In section 2., you will find all practical instructions needed for the tutorial.

1. Workflow description

The workflow to be executed in this tutorial is based on the mandelbrot application to create bitmap images of a Mandelbrot set:

The workflow is composed of several steps and the final result is a nice black and white bitmap image of size (7680, 4200) pixels representing a Mandelbrot set. Each step of the workflow is realized by a transformation, which consists of several jobs. Here a brief description of the different steps.

1. The first transformation (image slices production) creates several jobs, each one producing an image slice of 200 lines. In order to produce the whole image (4200 lines), 21 jobs are needed.
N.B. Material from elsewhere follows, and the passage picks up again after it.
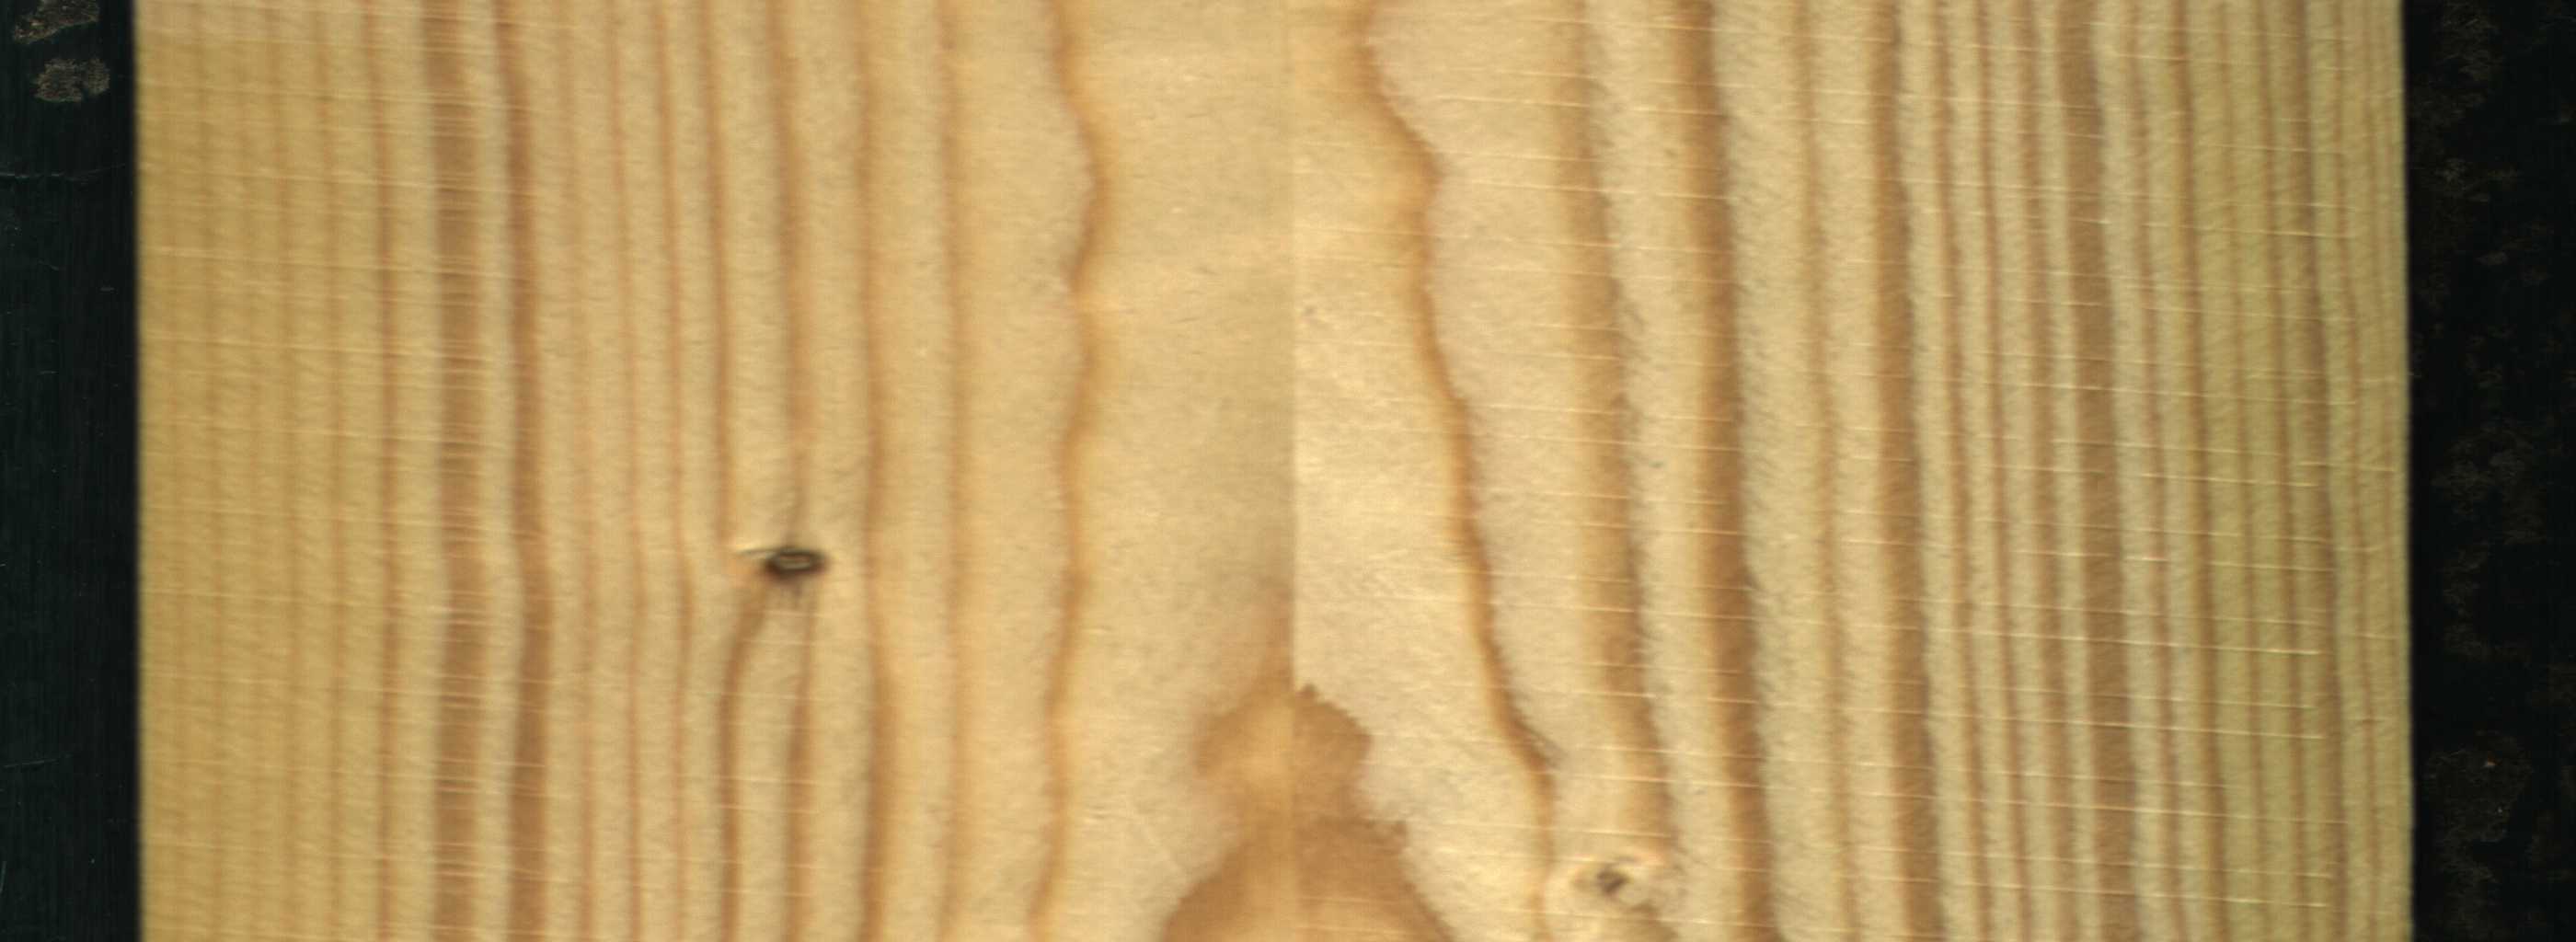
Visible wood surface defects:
Live_Knot

These jobs execute the mandelbrot application with all identical parameters except the line number parameter -L, which varies from 1 to 21:

    ./mandelbrot.py -P 0.0005 -M 1000 -L 00i -N 200

where:

  • P is the "precision"
  • M is the number of iteration
  • L is the first line of the image
  • N is the number of lines to compute in the job

Each job produces a data_00i*200.txt ASCII file which is saved on the File Catalog.

2. The second transformation (image slices merging) merges the results of the first transformation grouping files by 7 and producing 3 merged files:

    ./merge_data.py

Input files are automatically downloaded at the beginning of each job, and the application merges all files available in the current directory. Each job produces a merged_data_*.txt file.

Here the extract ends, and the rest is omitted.